The entries that follow need to be printed exactly as they are, minus any pictures.
Extracted data Start Marker
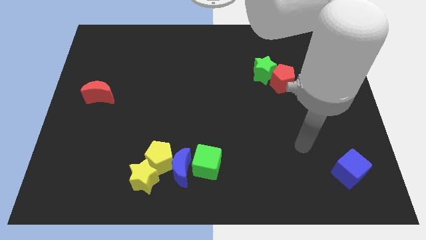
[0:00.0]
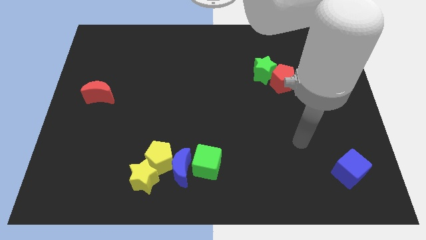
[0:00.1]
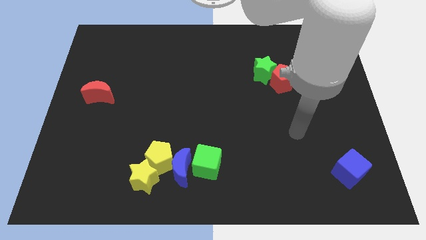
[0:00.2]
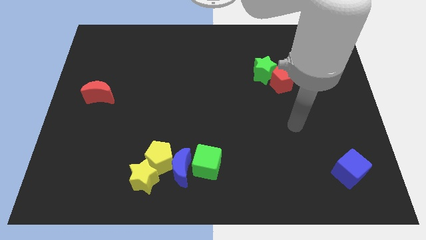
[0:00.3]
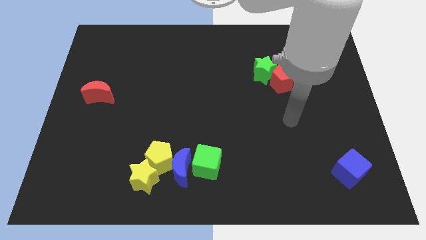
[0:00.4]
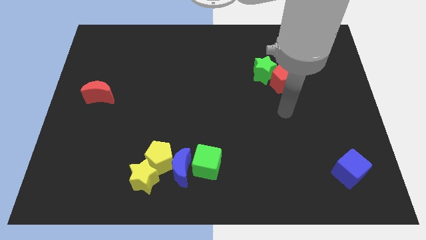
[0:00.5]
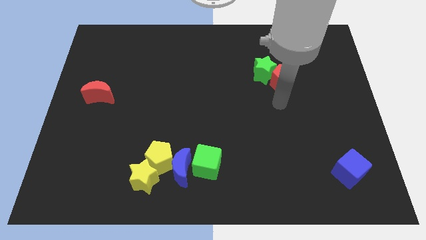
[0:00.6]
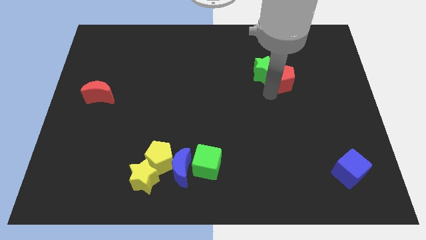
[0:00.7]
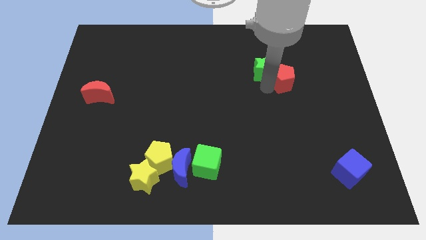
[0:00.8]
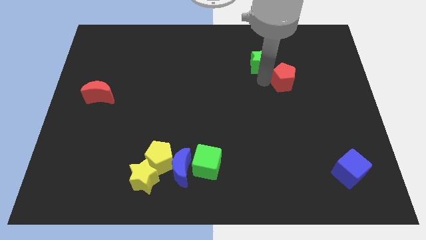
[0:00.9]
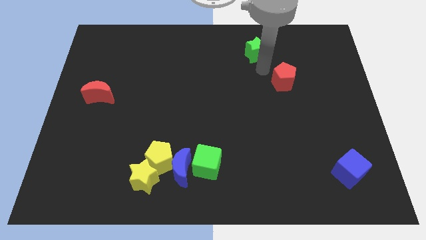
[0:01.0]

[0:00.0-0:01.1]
separate the red pentagon from the green star

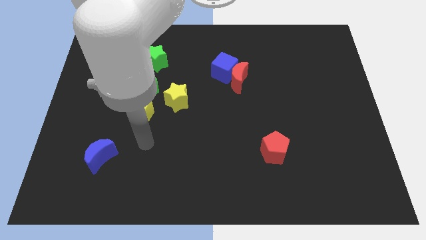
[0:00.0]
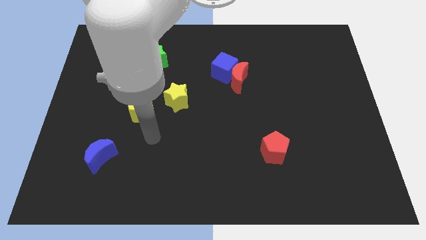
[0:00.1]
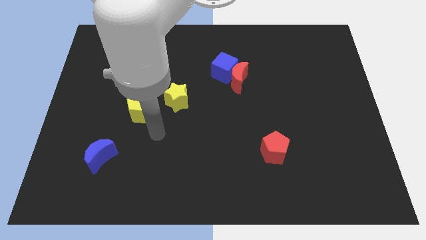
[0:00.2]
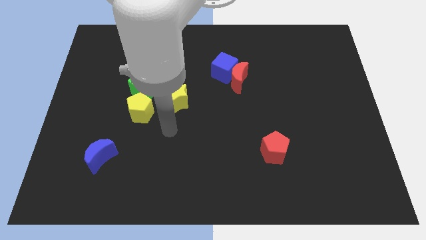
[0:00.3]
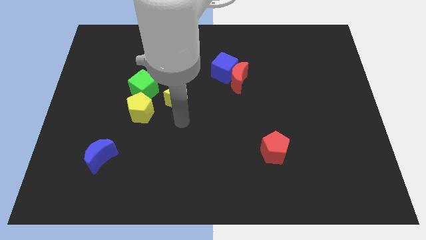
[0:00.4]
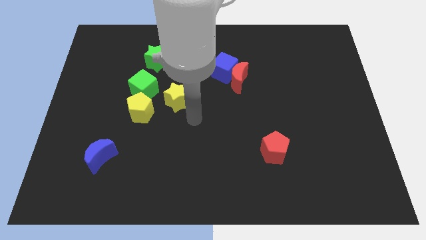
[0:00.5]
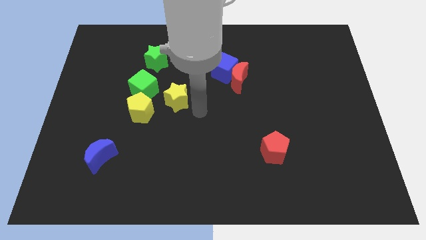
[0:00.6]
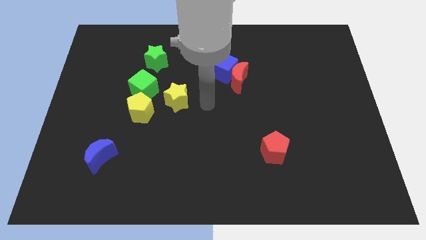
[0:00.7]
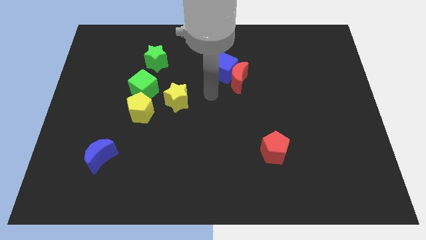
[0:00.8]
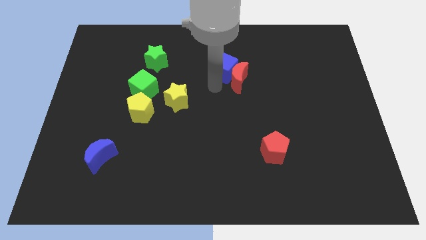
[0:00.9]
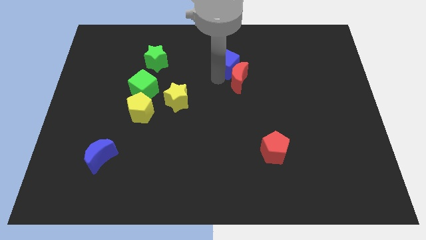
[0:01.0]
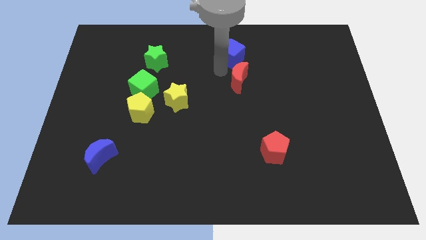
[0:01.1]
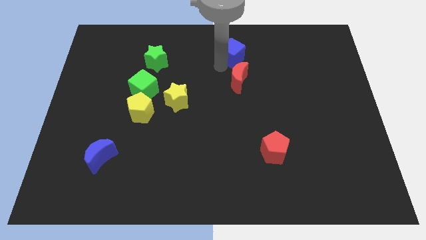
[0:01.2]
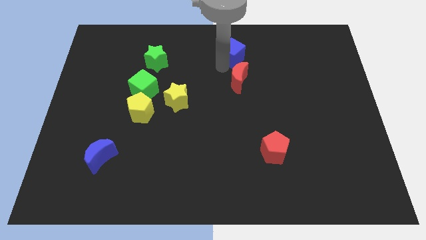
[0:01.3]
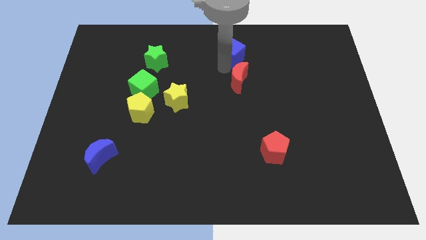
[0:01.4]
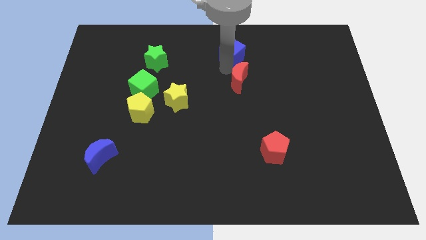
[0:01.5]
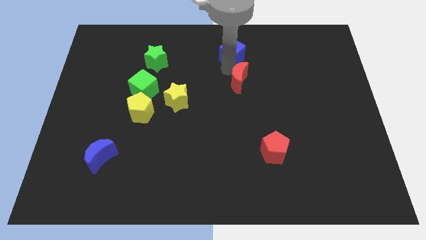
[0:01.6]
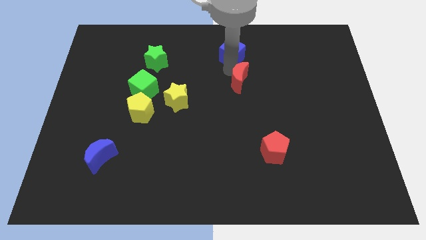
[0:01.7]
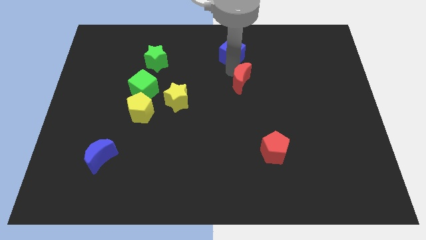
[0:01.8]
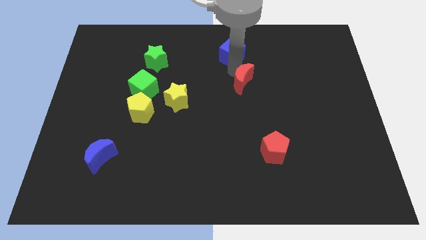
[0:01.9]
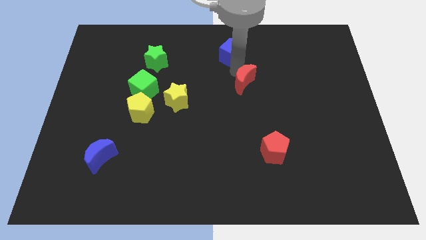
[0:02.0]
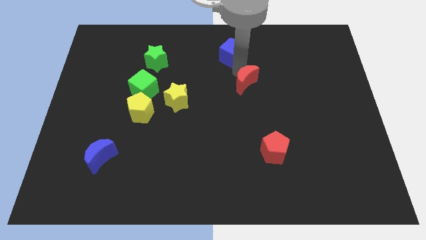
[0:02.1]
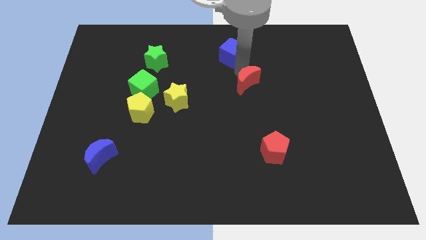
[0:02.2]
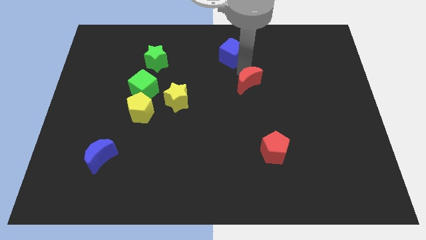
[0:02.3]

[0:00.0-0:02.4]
move the red moon away from the blue cube
Extracted data End Marker
Response area
[0:00.0]
[0:00.1]
[0:00.2]
[0:00.3]
[0:00.4]
[0:00.5]
[0:00.6]
[0:00.7]
[0:00.8]
[0:00.9]
[0:01.0]

[0:00.0-0:01.1]
separate the red pentagon from the green star

[0:00.0]
[0:00.1]
[0:00.2]
[0:00.3]
[0:00.4]
[0:00.5]
[0:00.6]
[0:00.7]
[0:00.8]
[0:00.9]
[0:01.0]
[0:01.1]
[0:01.2]
[0:01.3]
[0:01.4]
[0:01.5]
[0:01.6]
[0:01.7]
[0:01.8]
[0:01.9]
[0:02.0]
[0:02.1]
[0:02.2]
[0:02.3]

[0:00.0-0:02.4]
move the red moon away from the blue cube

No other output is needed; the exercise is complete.